--- TASK BRIEF ---
Look over the lines below. Report each one that includes the string "viewBox".
(EXTRACTED ENTRIES Opens)
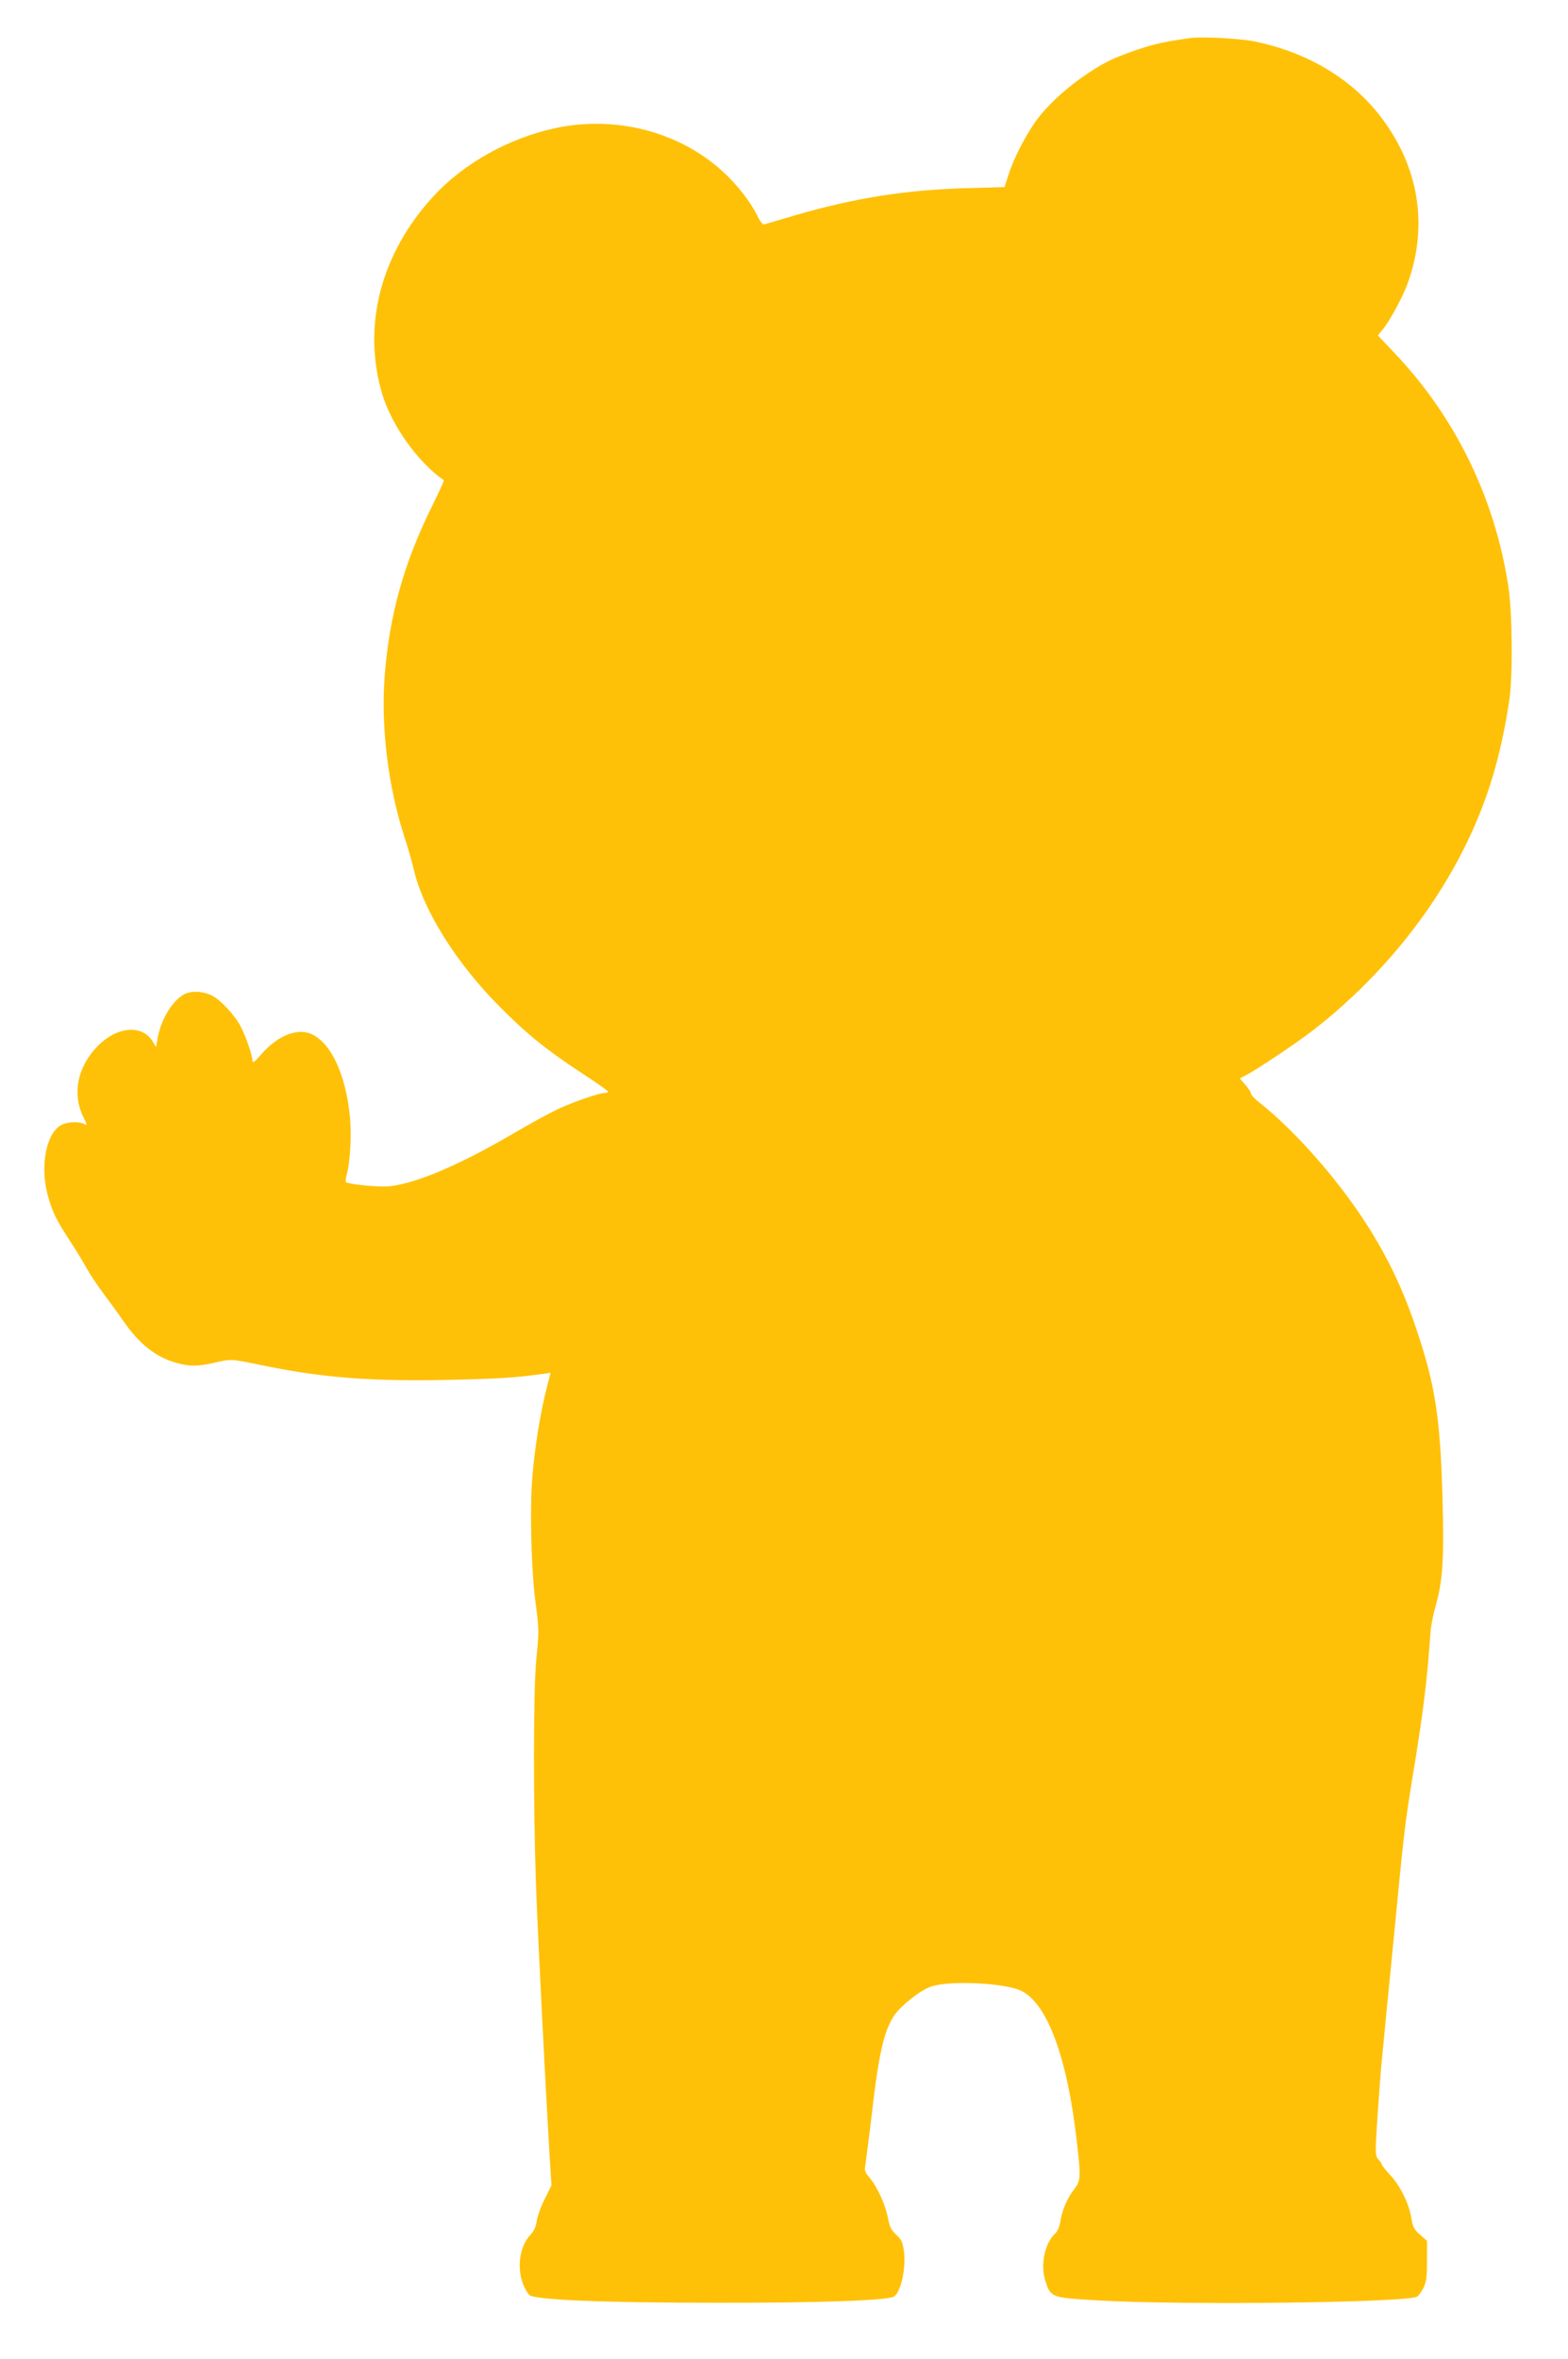 <?xml version="1.0" standalone="no"?>
<!DOCTYPE svg PUBLIC "-//W3C//DTD SVG 20010904//EN"
 "http://www.w3.org/TR/2001/REC-SVG-20010904/DTD/svg10.dtd">
<svg version="1.0" xmlns="http://www.w3.org/2000/svg"
 width="851pt" height="1280pt" viewBox="0 0 851 1280"
 preserveAspectRatio="xMidYMid meet">
<g transform="translate(0,1280) scale(0.1,-0.1)"
fill="#ffc107" stroke="none">
<path d="M6465 12594 c-134 -18 -194 -31 -285 -61 -57 -19 -127 -46 -155 -60
-147 -74 -302 -199 -392 -315 -59 -77 -130 -213 -158 -302 l-23 -71 -214 -6
c-326 -10 -603 -54 -918 -146 -85 -25 -162 -47 -170 -50 -10 -3 -24 13 -41 49
-38 76 -110 168 -187 238 -235 215 -580 305 -907 235 -250 -53 -496 -190 -659
-366 -290 -313 -392 -707 -281 -1079 52 -170 193 -368 334 -466 2 -2 -28 -67
-67 -146 -151 -307 -228 -584 -254 -912 -21 -279 17 -596 105 -871 20 -60 43
-141 52 -180 51 -223 232 -512 470 -750 147 -148 257 -236 442 -357 78 -51
142 -96 143 -100 0 -5 -8 -8 -19 -8 -29 0 -168 -48 -258 -90 -44 -21 -152 -80
-239 -131 -288 -169 -526 -270 -669 -285 -54 -6 -216 9 -237 22 -3 2 -2 19 3
37 20 72 28 222 18 321 -23 223 -98 388 -201 442 -77 40 -186 0 -277 -103 -40
-46 -51 -54 -51 -37 0 27 -34 127 -63 183 -31 62 -114 151 -162 172 -48 22
-106 24 -144 5 -67 -35 -130 -141 -147 -247 l-7 -40 -18 30 c-58 96 -199 82
-305 -31 -105 -111 -132 -255 -72 -378 22 -44 22 -48 6 -39 -29 16 -91 13
-125 -5 -82 -42 -117 -224 -74 -380 25 -91 44 -131 120 -248 31 -47 72 -114
91 -149 19 -34 62 -98 95 -142 33 -44 79 -107 102 -141 91 -131 180 -201 296
-232 68 -18 110 -18 199 2 95 22 88 22 263 -14 317 -66 583 -87 994 -79 275 6
369 11 522 32 l47 7 -23 -91 c-33 -131 -63 -316 -76 -476 -14 -173 -6 -503 17
-675 20 -154 20 -157 5 -310 -17 -157 -17 -810 -2 -1230 11 -295 49 -1043 72
-1436 l12 -191 -37 -75 c-21 -41 -40 -95 -43 -119 -4 -29 -15 -54 -34 -74 -75
-79 -78 -239 -7 -326 22 -27 391 -43 1023 -43 532 -1 915 12 955 33 38 20 68
149 56 246 -7 50 -13 64 -42 90 -27 25 -36 44 -45 91 -13 71 -59 172 -100 219
-21 24 -28 40 -24 57 2 13 19 140 36 283 39 338 67 458 123 541 35 51 137 133
195 154 97 37 410 22 497 -23 141 -73 248 -367 299 -822 22 -190 20 -209 -15
-253 -37 -47 -66 -114 -75 -174 -4 -27 -15 -54 -27 -65 -58 -52 -83 -173 -54
-260 29 -88 30 -89 281 -104 454 -27 1668 -13 1735 20 8 4 24 25 35 47 16 32
20 59 20 148 l0 108 -38 33 c-32 28 -39 42 -47 90 -13 79 -60 175 -114 233
-25 27 -46 53 -46 57 0 5 -9 18 -19 29 -18 20 -18 28 -5 231 8 116 18 255 24
310 5 55 32 332 60 615 61 633 64 656 105 910 60 363 79 518 99 795 2 33 14
94 26 135 41 144 48 259 39 591 -12 427 -38 604 -134 894 -81 248 -177 445
-316 650 -156 229 -365 461 -546 605 -24 18 -43 39 -43 46 0 7 -14 29 -31 48
l-30 35 33 17 c55 28 278 177 359 240 378 292 685 675 870 1086 98 217 161
442 201 713 19 133 16 473 -6 615 -73 477 -286 915 -616 1263 l-92 97 31 38
c38 49 104 171 130 242 114 313 63 634 -145 906 -157 206 -398 350 -684 409
-74 16 -287 27 -345 19z"/>
</g>
</svg>
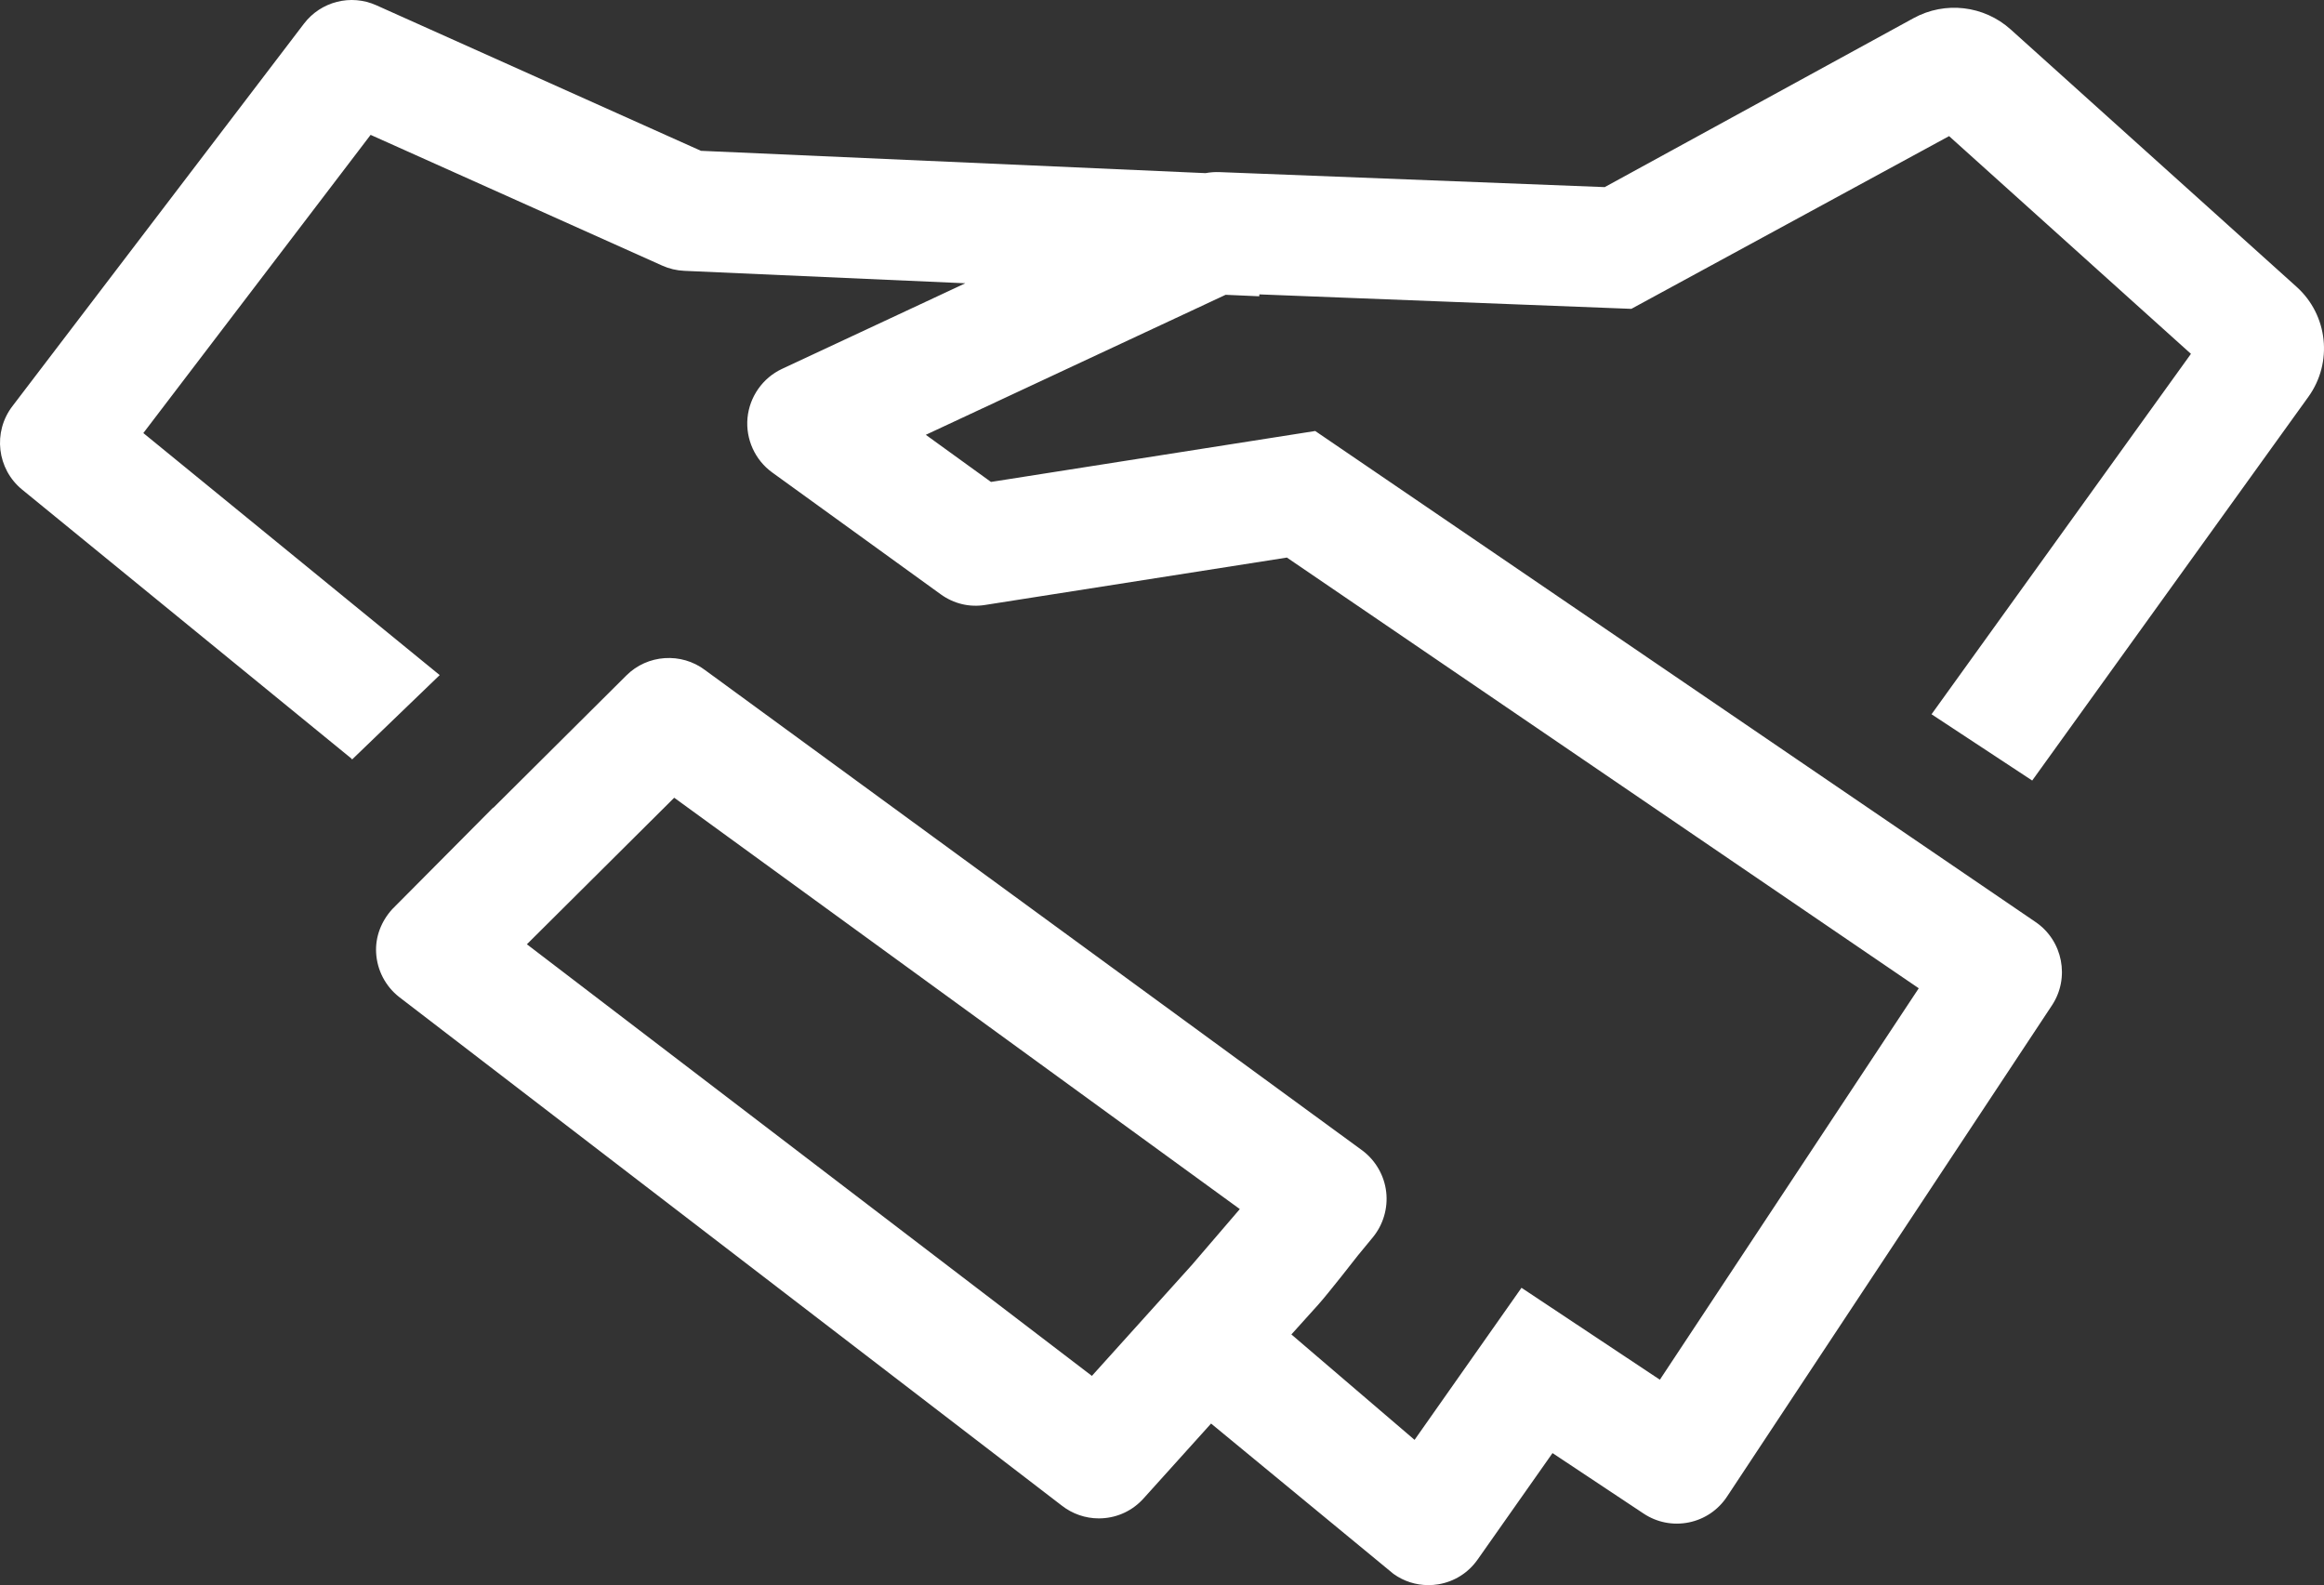 <?xml version="1.0" encoding="UTF-8"?>
<svg xmlns="http://www.w3.org/2000/svg" width="195" height="133" viewBox="0 0 195 133" fill="none">
  <rect x="0" y="0" width="195" height="133" fill="#333333" stroke="none"/>
  <path d="M110.573 36.311L110.357 36.163L83.149 40.437L77.681 36.483L102.839 24.735L105.66 24.86L105.667 24.7L136.882 25.914L163.542 11.421L183.836 29.69L162.069 59.931L170.516 65.491L193.691 33.293C195.761 30.417 195.335 26.439 192.703 24.069L168.713 2.473C166.473 0.456 163.208 0.075 160.565 1.521L134.647 15.7L102.316 14.44C101.926 14.427 101.538 14.455 101.152 14.527L58.814 12.654L31.574 0.441C29.437 -0.517 26.924 0.124 25.503 1.988L1.037 34.087C-0.618 36.258 -0.254 39.356 1.859 41.082L29.514 63.669L29.534 63.733L36.894 56.644L12.027 36.336L31.097 11.316L55.568 22.287C56.149 22.548 56.774 22.696 57.41 22.724L80.998 23.768L65.614 30.953C64.001 31.707 62.892 33.281 62.721 35.065C62.555 36.844 63.349 38.6 64.795 39.643L78.929 49.862C80.031 50.66 81.358 50.973 82.663 50.758L107.98 46.783L160.997 82.921L139.275 115.765L127.664 108.053L118.692 120.812L108.357 111.967L110.596 109.482C111.415 108.577 113.852 105.45 113.943 105.331L115.191 103.817C116.062 102.759 116.47 101.37 116.311 100.005C116.153 98.642 115.435 97.384 114.331 96.547L59.156 56.222C57.162 54.717 54.327 54.909 52.561 56.67L41.39 67.781L41.383 67.758L38.992 70.165L38.915 70.243L32.915 76.281C31.998 77.284 31.481 78.594 31.56 79.955C31.642 81.4 32.338 82.745 33.481 83.646L89.076 126.315C89.968 127.019 91.067 127.401 92.201 127.401C92.285 127.401 92.372 127.399 92.459 127.394C93.805 127.326 95.043 126.736 95.947 125.734L101.618 119.443L116.924 132.058C117.782 132.675 118.797 133 119.858 133C120.138 133 120.421 132.977 120.704 132.929C122.039 132.7 123.204 131.964 123.982 130.855L130.267 121.922L137.913 126.999C139.031 127.74 140.379 128.007 141.709 127.738C143.03 127.468 144.168 126.697 144.912 125.569L172.17 84.359C173.698 82.059 173.087 78.923 170.806 77.368L110.573 36.311ZM99.982 106.164L91.617 115.445L44.209 79.23L56.571 66.934L104.029 101.448L99.982 106.164Z" fill="white"></path>
</svg>
(EXTRACTED ENTRIES Closes)
--- PROBLEM SOLUTION ---
 width="851pt" height="1280pt" viewBox="0 0 851 1280"
<svg xmlns="http://www.w3.org/2000/svg" width="195" height="133" viewBox="0 0 195 133" fill="none">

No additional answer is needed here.